» **Exercise details**
When copying the records below, keep every word as it is and drop the images.

——————

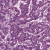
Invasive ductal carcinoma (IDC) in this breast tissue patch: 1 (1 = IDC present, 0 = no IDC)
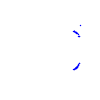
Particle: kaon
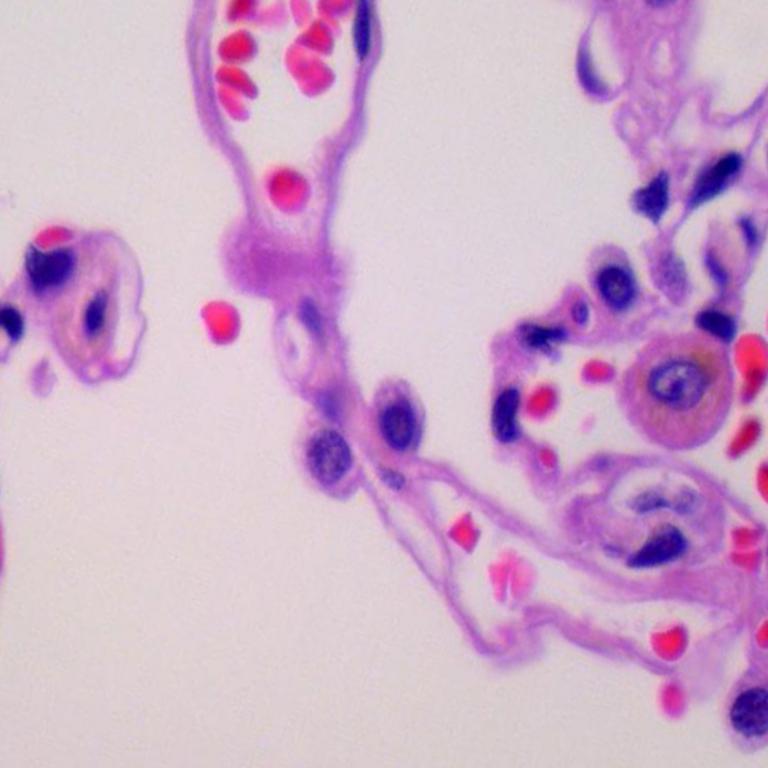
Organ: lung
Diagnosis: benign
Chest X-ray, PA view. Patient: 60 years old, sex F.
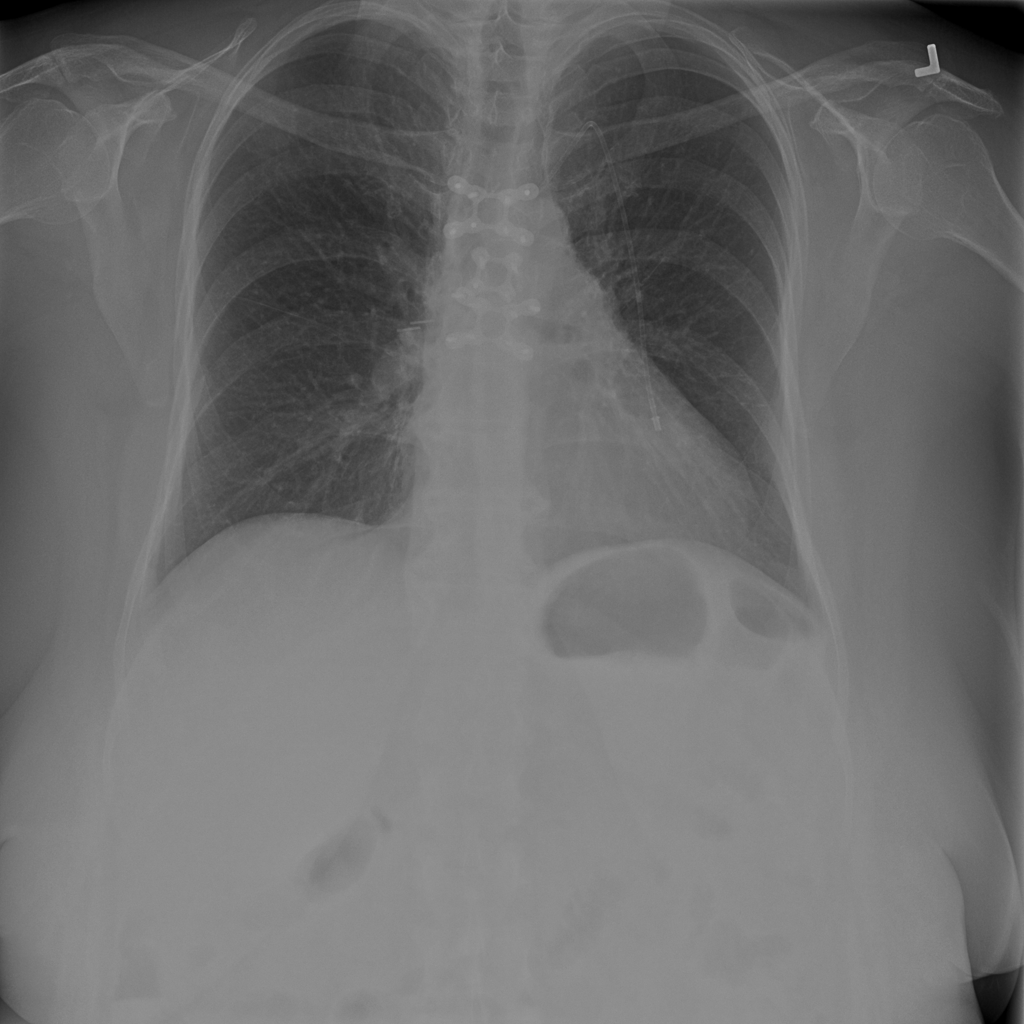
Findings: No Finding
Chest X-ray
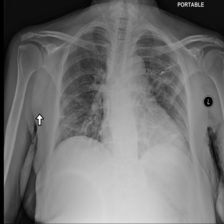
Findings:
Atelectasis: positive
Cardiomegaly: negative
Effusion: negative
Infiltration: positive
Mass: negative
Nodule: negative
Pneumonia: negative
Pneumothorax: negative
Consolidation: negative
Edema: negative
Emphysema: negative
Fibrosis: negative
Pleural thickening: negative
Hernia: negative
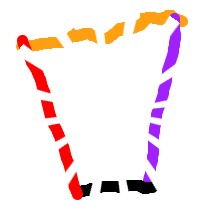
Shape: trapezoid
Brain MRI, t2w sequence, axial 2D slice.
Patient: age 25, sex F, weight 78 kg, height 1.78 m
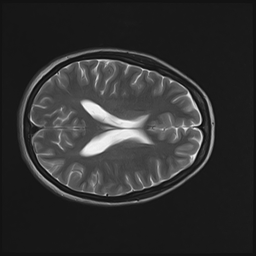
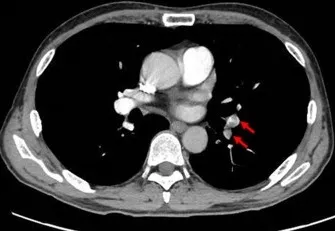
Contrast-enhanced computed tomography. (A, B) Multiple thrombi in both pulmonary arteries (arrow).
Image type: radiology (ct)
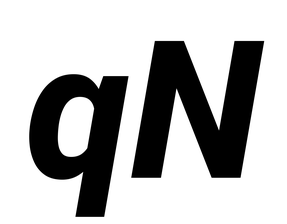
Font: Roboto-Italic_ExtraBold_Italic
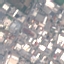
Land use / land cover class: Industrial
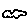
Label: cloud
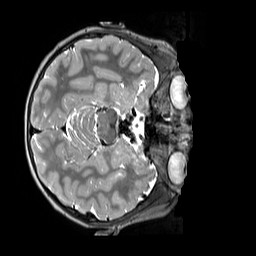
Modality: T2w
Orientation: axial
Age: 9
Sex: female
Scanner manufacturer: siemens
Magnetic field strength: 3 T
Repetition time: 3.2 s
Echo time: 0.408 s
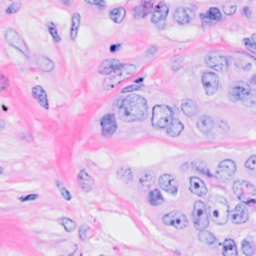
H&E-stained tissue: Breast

——————

» **Task solution**
Invasive ductal carcinoma (IDC) in this breast tissue patch: 1 (1 = IDC present, 0 = no IDC)
Particle: kaon
Organ: lung
Diagnosis: benign
Chest X-ray, PA view. Patient: 60 years old, sex F.
Findings: No Finding
Chest X-ray
Findings:
Atelectasis: positive
Cardiomegaly: negative
Effusion: negative
Infiltration: positive
Mass: negative
Nodule: negative
Pneumonia: negative
Pneumothorax: negative
Consolidation: negative
Edema: negative
Emphysema: negative
Fibrosis: negative
Pleural thickening: negative
Hernia: negative
Shape: trapezoid
Brain MRI, t2w sequence, axial 2D slice.
Patient: age 25, sex F, weight 78 kg, height 1.78 m
Contrast-enhanced computed tomography. (A, B) Multiple thrombi in both pulmonary arteries (arrow).
Image type: radiology (ct)
Font: Roboto-Italic_ExtraBold_Italic
Land use / land cover class: Industrial
Label: cloud
Modality: T2w
Orientation: axial
Age: 9
Sex: female
Scanner manufacturer: siemens
Magnetic field strength: 3 T
Repetition time: 3.2 s
Echo time: 0.408 s
H&E-stained tissue: Breast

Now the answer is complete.